Given that the recognition of such Forms within various Hellenistic Schools (Aristotle’s, Plato’s and so on) influenced the experience of the world at all levels from the technological to the political to the linguistic (Long, Citation2011; Sinisgalli, Citation2012), their denial by early Christian thinkers triggered, in Foucault’s (Citation2002) words, ‘an immense reorganization of culture’ (p. 48). Radical re-evaluations or retranslations had to be undertaken in order to realign the entire reality to a narrative that no longer recognises the existence of the Hellenistic essences. Accordingly, giving that Christianity is a proselytising faith (Matthew 28:19; Mark 16:15), these present absences are to be extended to all other worldviews based on essentialist, formal understandings: paradigms otherwise known as ‘totalities’ (also Lyotard, Citation1988).

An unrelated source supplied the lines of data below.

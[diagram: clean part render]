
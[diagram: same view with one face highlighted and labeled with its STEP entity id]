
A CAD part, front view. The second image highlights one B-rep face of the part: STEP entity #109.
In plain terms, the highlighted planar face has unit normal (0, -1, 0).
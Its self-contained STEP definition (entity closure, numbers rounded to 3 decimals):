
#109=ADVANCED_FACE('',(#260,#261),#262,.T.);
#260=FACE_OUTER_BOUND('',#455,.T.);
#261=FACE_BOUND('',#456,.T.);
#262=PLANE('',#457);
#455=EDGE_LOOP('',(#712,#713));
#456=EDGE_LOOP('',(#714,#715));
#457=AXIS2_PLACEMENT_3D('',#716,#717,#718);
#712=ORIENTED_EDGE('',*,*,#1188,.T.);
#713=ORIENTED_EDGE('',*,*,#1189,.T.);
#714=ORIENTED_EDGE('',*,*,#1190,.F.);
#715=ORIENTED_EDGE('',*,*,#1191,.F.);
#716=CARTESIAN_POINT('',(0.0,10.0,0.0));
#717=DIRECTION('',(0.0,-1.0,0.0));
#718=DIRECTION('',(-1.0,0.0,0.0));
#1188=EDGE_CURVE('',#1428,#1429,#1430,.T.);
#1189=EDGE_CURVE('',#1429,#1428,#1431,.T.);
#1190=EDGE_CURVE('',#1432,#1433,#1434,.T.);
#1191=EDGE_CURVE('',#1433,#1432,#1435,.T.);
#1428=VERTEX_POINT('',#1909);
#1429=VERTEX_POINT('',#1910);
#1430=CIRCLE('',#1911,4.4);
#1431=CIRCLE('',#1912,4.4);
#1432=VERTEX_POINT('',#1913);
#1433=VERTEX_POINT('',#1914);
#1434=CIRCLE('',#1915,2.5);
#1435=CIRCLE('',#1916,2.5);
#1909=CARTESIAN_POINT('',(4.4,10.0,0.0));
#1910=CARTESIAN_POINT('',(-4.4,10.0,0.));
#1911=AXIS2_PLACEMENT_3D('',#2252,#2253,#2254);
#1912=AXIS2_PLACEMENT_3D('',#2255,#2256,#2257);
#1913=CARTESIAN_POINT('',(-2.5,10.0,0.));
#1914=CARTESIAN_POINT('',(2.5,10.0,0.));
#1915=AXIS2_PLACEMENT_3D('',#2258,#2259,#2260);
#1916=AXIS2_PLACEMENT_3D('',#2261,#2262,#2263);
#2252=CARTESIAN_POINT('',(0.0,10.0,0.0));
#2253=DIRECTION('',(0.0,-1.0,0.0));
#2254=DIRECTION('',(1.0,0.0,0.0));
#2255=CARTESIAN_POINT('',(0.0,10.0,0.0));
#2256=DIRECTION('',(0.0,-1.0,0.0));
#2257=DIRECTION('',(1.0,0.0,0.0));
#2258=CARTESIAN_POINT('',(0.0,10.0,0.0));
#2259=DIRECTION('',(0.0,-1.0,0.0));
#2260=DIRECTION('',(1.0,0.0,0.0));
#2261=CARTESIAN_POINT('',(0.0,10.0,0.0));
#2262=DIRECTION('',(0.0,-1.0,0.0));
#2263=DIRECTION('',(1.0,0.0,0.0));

Within Christianity, the fact that God’s essence, or ‘that which is always the same, neither increasing nor diminishing, immutable to all change […] standing in need of nothing else, alone desirable’ (Gregory of Nyssa, Citation1978, p. 60) remains forever unknowable and inaccessible represents a very important theological issue for a number of reasons (Branson, Citation2014; Chrysostom, Citation1984). The first is that it defines the relationship between the divine and the human, the latter being created in the image and likeness of the former (Genesis 1:26). In other words, the human is created in the image and likeness of a God with an unknown essence. The essence was for the Hellenistic philosophers the warrant of certain knowledge. Within Christianity this no longer holds. When it comes to the created things, essence is ‘in absolutely none of them’ (Gregory of Nyssa, Citation1978, p. 60, emphasis added). Quoting Nyssa, Ward (Citation2000), a leading contemporary Anglican theologian, noted that to experience the world in this way:

is to experience a profound vertigo. For here there is nothing to take hold of […] neither measure nor anything else […] And thus the soul, slipping at every point from what cannot be grasped, becomes dizzy and perplexed (p. 91)

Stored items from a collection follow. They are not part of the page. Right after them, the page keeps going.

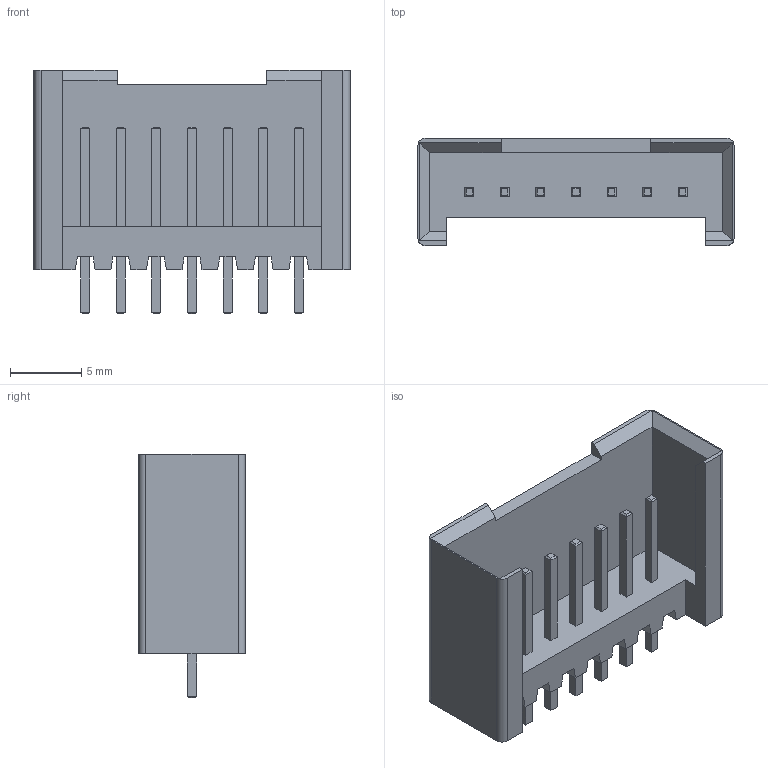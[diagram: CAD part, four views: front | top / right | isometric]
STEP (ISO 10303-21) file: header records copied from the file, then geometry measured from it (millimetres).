
FILE_DESCRIPTION(/* description */ ('model of Stocko_MKS_1657-6-0-707_1x7_P2.50mm_Vertical'),/* implementation_level */ '2;1');
FILE_NAME(/* name */ 'Stocko_MKS_1657-6-0-707_1x7_P2.50mm_Vertical.step',/* time_stamp */ '2019-03-20T23:35:13',/* author */ ('kicad StepUp','ksu'),/* organization */ ('FreeCAD'),/* preprocessor_version */ 'OCC',/* originating_system */ 'kicad StepUp',/* authorisation */ '');
FILE_SCHEMA(('AUTOMOTIVE_DESIGN { 1 0 10303 214 1 1 1 1 }'));
Length unit declared in the file: millimetre
Products named in the file (1): Stocko_MKS_1657
Bounding box: 22.2 x 7.5 x 17.1 mm (x, y, z)
Volume: 743.6 mm3; surface area: 1496.1 mm2
Topology: 1 solids, 1 shells, 184 faces, 444 edges, 276 vertices
Faces by surface type: plane 180, cylinder 4
Entity records: 5508 total; most frequent: CARTESIAN_POINT 893, PCURVE 788, ORIENTED_EDGE 680, LINE 498, EDGE_CURVE 444, SURFACE_CURVE 398, VERTEX_POINT 276, DEFINITIONAL_REPRESENTATION 230

An essenceless world is, in-itself, one without identity and intelligibility; it is an endlessly malleable one, one that posits change and transgression over essential fixity. It is also a world in which nothing can be known with definite certainty. This also marks the inception of a non-dialectic of becoming: there is no essential structure (unconscious or otherwise), a secure starting point, or a grounding of necessity. A connection with this theological worldview and more recent non-representational, post-structuralist thinkers, such as Deleuze and Derrida, has also been found in philosophical literature (e.g. Günzel, Citation1998; Hickey-Moody, Citation2015).

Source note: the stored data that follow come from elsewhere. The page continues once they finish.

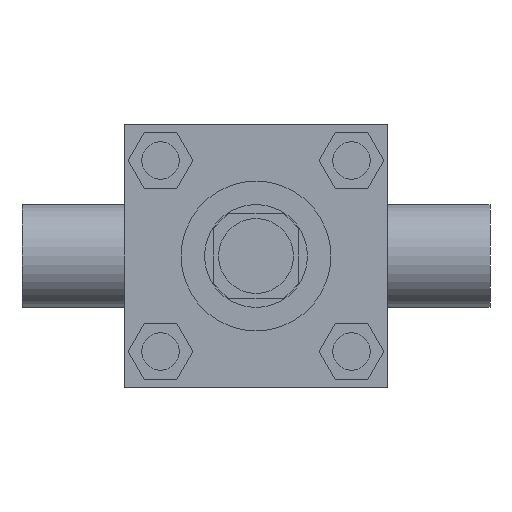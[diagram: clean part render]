
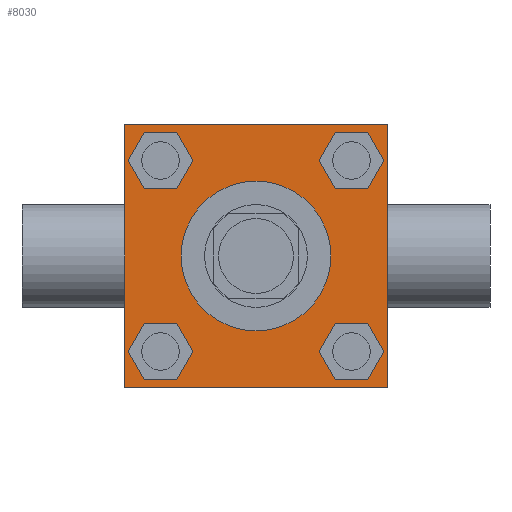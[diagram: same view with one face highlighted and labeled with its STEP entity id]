
A CAD part, front view. The second image highlights one B-rep face of the part: STEP entity #8030.
In plain terms, the highlighted planar face has unit normal (0, -1, 0).
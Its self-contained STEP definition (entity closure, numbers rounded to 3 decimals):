
#424=EDGE_CURVE('',#430,#430,#425,.T.);
#425=CIRCLE('',#426,25.4);
#426=AXIS2_PLACEMENT_3D('',#427,#428,#429);
#427=CARTESIAN_POINT('',(0.,25.4,0.));
#428=DIRECTION('',(0.,1.,0.));
#429=DIRECTION('',(1.,0.,0.));
#430=VERTEX_POINT('',#431);
#431=CARTESIAN_POINT('',(25.4,25.4,0.));
#562=VERTEX_POINT('',#563);
#563=CARTESIAN_POINT('',(44.45,25.4,-44.45));
#564=EDGE_CURVE('',#569,#562,#565,.T.);
#565=LINE('',#566,#567);
#566=CARTESIAN_POINT('',(-44.45,25.4,-44.45));
#567=VECTOR('',#568,1.);
#568=DIRECTION('',(1.,0.,0.));
#569=VERTEX_POINT('',#570);
#570=CARTESIAN_POINT('',(-44.45,25.4,-44.45));
#603=VERTEX_POINT('',#604);
#604=CARTESIAN_POINT('',(-44.45,25.4,44.45));
#605=EDGE_CURVE('',#610,#603,#606,.T.);
#606=LINE('',#607,#608);
#607=CARTESIAN_POINT('',(44.45,25.4,44.45));
#608=VECTOR('',#609,1.);
#609=DIRECTION('',(-1.,0.,0.));
#610=VERTEX_POINT('',#611);
#611=CARTESIAN_POINT('',(44.45,25.4,44.45));
#639=EDGE_CURVE('',#603,#569,#640,.T.);
#640=LINE('',#641,#642);
#641=CARTESIAN_POINT('',(-44.45,25.4,44.45));
#642=VECTOR('',#643,1.);
#643=DIRECTION('',(0.,0.,-1.));
#666=EDGE_CURVE('',#562,#610,#667,.T.);
#667=LINE('',#668,#669);
#668=CARTESIAN_POINT('',(44.45,25.4,-44.45));
#669=VECTOR('',#670,1.);
#670=DIRECTION('',(0.,0.,1.));
#793=FACE_OUTER_BOUND('',#799,.T.);
#794=FACE_BOUND('',#800,.T.);
#795=FACE_BOUND('',#801,.T.);
#796=FACE_BOUND('',#802,.T.);
#797=FACE_BOUND('',#803,.T.);
#798=FACE_BOUND('',#804,.T.);
#799=EDGE_LOOP('',(#805,#806,#807,#808,#809,#810));
#800=EDGE_LOOP('',(#853,#854,#855,#856,#857,#858));
#801=EDGE_LOOP('',(#901,#902,#903,#904));
#802=EDGE_LOOP('',(#905));
#803=EDGE_LOOP('',(#914,#915,#916,#917,#918,#919));
#804=EDGE_LOOP('',(#962,#963,#964,#965,#966,#967));
#805=ORIENTED_EDGE('',*,*,#811,.F.);
#806=ORIENTED_EDGE('',*,*,#820,.F.);
#807=ORIENTED_EDGE('',*,*,#827,.F.);
#808=ORIENTED_EDGE('',*,*,#834,.F.);
#809=ORIENTED_EDGE('',*,*,#841,.F.);
#810=ORIENTED_EDGE('',*,*,#848,.F.);
#811=EDGE_CURVE('',#816,#817,#812,.T.);
#812=LINE('',#813,#814);
#813=CARTESIAN_POINT('',(-43.384,25.4,-32.385));
#814=VECTOR('',#815,1.);
#815=DIRECTION('',(0.5,0.,-0.866));
#816=VERTEX_POINT('',#818);
#817=VERTEX_POINT('',#819);
#818=CARTESIAN_POINT('',(-43.384,25.4,-32.385));
#819=CARTESIAN_POINT('',(-37.884,25.4,-41.91));
#820=EDGE_CURVE('',#825,#816,#821,.T.);
#821=LINE('',#822,#823);
#822=CARTESIAN_POINT('',(-37.884,25.4,-22.86));
#823=VECTOR('',#824,1.);
#824=DIRECTION('',(-0.5,0.,-0.866));
#825=VERTEX_POINT('',#826);
#826=CARTESIAN_POINT('',(-37.884,25.4,-22.86));
#827=EDGE_CURVE('',#832,#825,#828,.T.);
#828=LINE('',#829,#830);
#829=CARTESIAN_POINT('',(-26.886,25.4,-22.86));
#830=VECTOR('',#831,1.);
#831=DIRECTION('',(-1.,0.,0.));
#832=VERTEX_POINT('',#833);
#833=CARTESIAN_POINT('',(-26.886,25.4,-22.86));
#834=EDGE_CURVE('',#839,#832,#835,.T.);
#835=LINE('',#836,#837);
#836=CARTESIAN_POINT('',(-21.386,25.4,-32.385));
#837=VECTOR('',#838,1.);
#838=DIRECTION('',(-0.5,0.,0.866));
#839=VERTEX_POINT('',#840);
#840=CARTESIAN_POINT('',(-21.386,25.4,-32.385));
#841=EDGE_CURVE('',#846,#839,#842,.T.);
#842=LINE('',#843,#844);
#843=CARTESIAN_POINT('',(-26.886,25.4,-41.91));
#844=VECTOR('',#845,1.);
#845=DIRECTION('',(0.5,0.,0.866));
#846=VERTEX_POINT('',#847);
#847=CARTESIAN_POINT('',(-26.886,25.4,-41.91));
#848=EDGE_CURVE('',#817,#846,#849,.T.);
#849=LINE('',#850,#851);
#850=CARTESIAN_POINT('',(-37.884,25.4,-41.91));
#851=VECTOR('',#852,1.);
#852=DIRECTION('',(1.,0.,0.));
#853=ORIENTED_EDGE('',*,*,#859,.F.);
#854=ORIENTED_EDGE('',*,*,#868,.F.);
#855=ORIENTED_EDGE('',*,*,#875,.F.);
#856=ORIENTED_EDGE('',*,*,#882,.F.);
#857=ORIENTED_EDGE('',*,*,#889,.F.);
#858=ORIENTED_EDGE('',*,*,#896,.F.);
#859=EDGE_CURVE('',#864,#865,#860,.T.);
#860=LINE('',#861,#862);
#861=CARTESIAN_POINT('',(-43.384,25.4,32.385));
#862=VECTOR('',#863,1.);
#863=DIRECTION('',(0.5,0.,-0.866));
#864=VERTEX_POINT('',#866);
#865=VERTEX_POINT('',#867);
#866=CARTESIAN_POINT('',(-43.384,25.4,32.385));
#867=CARTESIAN_POINT('',(-37.884,25.4,22.86));
#868=EDGE_CURVE('',#873,#864,#869,.T.);
#869=LINE('',#870,#871);
#870=CARTESIAN_POINT('',(-37.884,25.4,41.91));
#871=VECTOR('',#872,1.);
#872=DIRECTION('',(-0.5,0.,-0.866));
#873=VERTEX_POINT('',#874);
#874=CARTESIAN_POINT('',(-37.884,25.4,41.91));
#875=EDGE_CURVE('',#880,#873,#876,.T.);
#876=LINE('',#877,#878);
#877=CARTESIAN_POINT('',(-26.886,25.4,41.91));
#878=VECTOR('',#879,1.);
#879=DIRECTION('',(-1.,0.,0.));
#880=VERTEX_POINT('',#881);
#881=CARTESIAN_POINT('',(-26.886,25.4,41.91));
#882=EDGE_CURVE('',#887,#880,#883,.T.);
#883=LINE('',#884,#885);
#884=CARTESIAN_POINT('',(-21.386,25.4,32.385));
#885=VECTOR('',#886,1.);
#886=DIRECTION('',(-0.5,0.,0.866));
#887=VERTEX_POINT('',#888);
#888=CARTESIAN_POINT('',(-21.386,25.4,32.385));
#889=EDGE_CURVE('',#894,#887,#890,.T.);
#890=LINE('',#891,#892);
#891=CARTESIAN_POINT('',(-26.886,25.4,22.86));
#892=VECTOR('',#893,1.);
#893=DIRECTION('',(0.5,0.,0.866));
#894=VERTEX_POINT('',#895);
#895=CARTESIAN_POINT('',(-26.886,25.4,22.86));
#896=EDGE_CURVE('',#865,#894,#897,.T.);
#897=LINE('',#898,#899);
#898=CARTESIAN_POINT('',(-37.884,25.4,22.86));
#899=VECTOR('',#900,1.);
#900=DIRECTION('',(1.,0.,0.));
#901=ORIENTED_EDGE('',*,*,#639,.T.);
#902=ORIENTED_EDGE('',*,*,#564,.T.);
#903=ORIENTED_EDGE('',*,*,#666,.T.);
#904=ORIENTED_EDGE('',*,*,#605,.T.);
#905=ORIENTED_EDGE('',*,*,#424,.F.);
#914=ORIENTED_EDGE('',*,*,#920,.F.);
#915=ORIENTED_EDGE('',*,*,#929,.F.);
#916=ORIENTED_EDGE('',*,*,#936,.F.);
#917=ORIENTED_EDGE('',*,*,#943,.F.);
#918=ORIENTED_EDGE('',*,*,#950,.F.);
#919=ORIENTED_EDGE('',*,*,#957,.F.);
#920=EDGE_CURVE('',#925,#926,#921,.T.);
#921=LINE('',#922,#923);
#922=CARTESIAN_POINT('',(21.386,25.4,-32.385));
#923=VECTOR('',#924,1.);
#924=DIRECTION('',(0.5,0.,-0.866));
#925=VERTEX_POINT('',#927);
#926=VERTEX_POINT('',#928);
#927=CARTESIAN_POINT('',(21.386,25.4,-32.385));
#928=CARTESIAN_POINT('',(26.886,25.4,-41.91));
#929=EDGE_CURVE('',#934,#925,#930,.T.);
#930=LINE('',#931,#932);
#931=CARTESIAN_POINT('',(26.886,25.4,-22.86));
#932=VECTOR('',#933,1.);
#933=DIRECTION('',(-0.5,0.,-0.866));
#934=VERTEX_POINT('',#935);
#935=CARTESIAN_POINT('',(26.886,25.4,-22.86));
#936=EDGE_CURVE('',#941,#934,#937,.T.);
#937=LINE('',#938,#939);
#938=CARTESIAN_POINT('',(37.884,25.4,-22.86));
#939=VECTOR('',#940,1.);
#940=DIRECTION('',(-1.,0.,0.));
#941=VERTEX_POINT('',#942);
#942=CARTESIAN_POINT('',(37.884,25.4,-22.86));
#943=EDGE_CURVE('',#948,#941,#944,.T.);
#944=LINE('',#945,#946);
#945=CARTESIAN_POINT('',(43.384,25.4,-32.385));
#946=VECTOR('',#947,1.);
#947=DIRECTION('',(-0.5,0.,0.866));
#948=VERTEX_POINT('',#949);
#949=CARTESIAN_POINT('',(43.384,25.4,-32.385));
#950=EDGE_CURVE('',#955,#948,#951,.T.);
#951=LINE('',#952,#953);
#952=CARTESIAN_POINT('',(37.884,25.4,-41.91));
#953=VECTOR('',#954,1.);
#954=DIRECTION('',(0.5,0.,0.866));
#955=VERTEX_POINT('',#956);
#956=CARTESIAN_POINT('',(37.884,25.4,-41.91));
#957=EDGE_CURVE('',#926,#955,#958,.T.);
#958=LINE('',#959,#960);
#959=CARTESIAN_POINT('',(26.886,25.4,-41.91));
#960=VECTOR('',#961,1.);
#961=DIRECTION('',(1.,0.,0.));
#962=ORIENTED_EDGE('',*,*,#968,.F.);
#963=ORIENTED_EDGE('',*,*,#977,.F.);
#964=ORIENTED_EDGE('',*,*,#984,.F.);
#965=ORIENTED_EDGE('',*,*,#991,.F.);
#966=ORIENTED_EDGE('',*,*,#998,.F.);
#967=ORIENTED_EDGE('',*,*,#1005,.F.);
#968=EDGE_CURVE('',#973,#974,#969,.T.);
#969=LINE('',#970,#971);
#970=CARTESIAN_POINT('',(21.386,25.4,32.385));
#971=VECTOR('',#972,1.);
#972=DIRECTION('',(0.5,0.,-0.866));
#973=VERTEX_POINT('',#975);
#974=VERTEX_POINT('',#976);
#975=CARTESIAN_POINT('',(21.386,25.4,32.385));
#976=CARTESIAN_POINT('',(26.886,25.4,22.86));
#977=EDGE_CURVE('',#982,#973,#978,.T.);
#978=LINE('',#979,#980);
#979=CARTESIAN_POINT('',(26.886,25.4,41.91));
#980=VECTOR('',#981,1.);
#981=DIRECTION('',(-0.5,0.,-0.866));
#982=VERTEX_POINT('',#983);
#983=CARTESIAN_POINT('',(26.886,25.4,41.91));
#984=EDGE_CURVE('',#989,#982,#985,.T.);
#985=LINE('',#986,#987);
#986=CARTESIAN_POINT('',(37.884,25.4,41.91));
#987=VECTOR('',#988,1.);
#988=DIRECTION('',(-1.,0.,0.));
#989=VERTEX_POINT('',#990);
#990=CARTESIAN_POINT('',(37.884,25.4,41.91));
#991=EDGE_CURVE('',#996,#989,#992,.T.);
#992=LINE('',#993,#994);
#993=CARTESIAN_POINT('',(43.384,25.4,32.385));
#994=VECTOR('',#995,1.);
#995=DIRECTION('',(-0.5,0.,0.866));
#996=VERTEX_POINT('',#997);
#997=CARTESIAN_POINT('',(43.384,25.4,32.385));
#998=EDGE_CURVE('',#1003,#996,#999,.T.);
#999=LINE('',#1000,#1001);
#1000=CARTESIAN_POINT('',(37.884,25.4,22.86));
#1001=VECTOR('',#1002,1.);
#1002=DIRECTION('',(0.5,0.,0.866));
#1003=VERTEX_POINT('',#1004);
#1004=CARTESIAN_POINT('',(37.884,25.4,22.86));
#1005=EDGE_CURVE('',#974,#1003,#1006,.T.);
#1006=LINE('',#1007,#1008);
#1007=CARTESIAN_POINT('',(26.886,25.4,22.86));
#1008=VECTOR('',#1009,1.);
#1009=DIRECTION('',(1.,0.,0.));
#1010=PLANE('',#1011);
#1011=AXIS2_PLACEMENT_3D('',#1012,#1013,#1014);
#1012=CARTESIAN_POINT('',(-44.45,25.4,44.45));
#1013=DIRECTION('',(0.,1.,0.));
#1014=DIRECTION('',(0.,0.,1.));
#8030=ADVANCED_FACE('',(#793,#794,#795,#796,#797,#798),#1010,.F.);

An additional number of important issues arise from the above core notions and definitions. The first is that these views require strict obedience: as dogma they are non-negotiable. Second, they do not need to be expressed in theological parlance or solely within religious contexts and can thus manifest silently and unconsciously in the cultural background (Augustine of Hipo, Citation1955; Dales, Citation1980). Third, because the source of meaning becomes external to the contemplated issue there is no intrinsic quality or value in anything. In this context, one is enticed to remember the postmodern denial of intrinsic values and grand narratives. It is indeed unsurprising that key Christian thinkers are at times approached as being the ones who laid the groundwork for ‘the fundamental emphasis on the gap between signifier and signified that unites the many disparate “schools” of post-modern […] theory’ (Mosshammer, Citation1989, p. 122). The main issue here is that the absent essences are always off limits: in language, in scientific endeavours, in societal structuring, in defining what it means to be a human, and so on.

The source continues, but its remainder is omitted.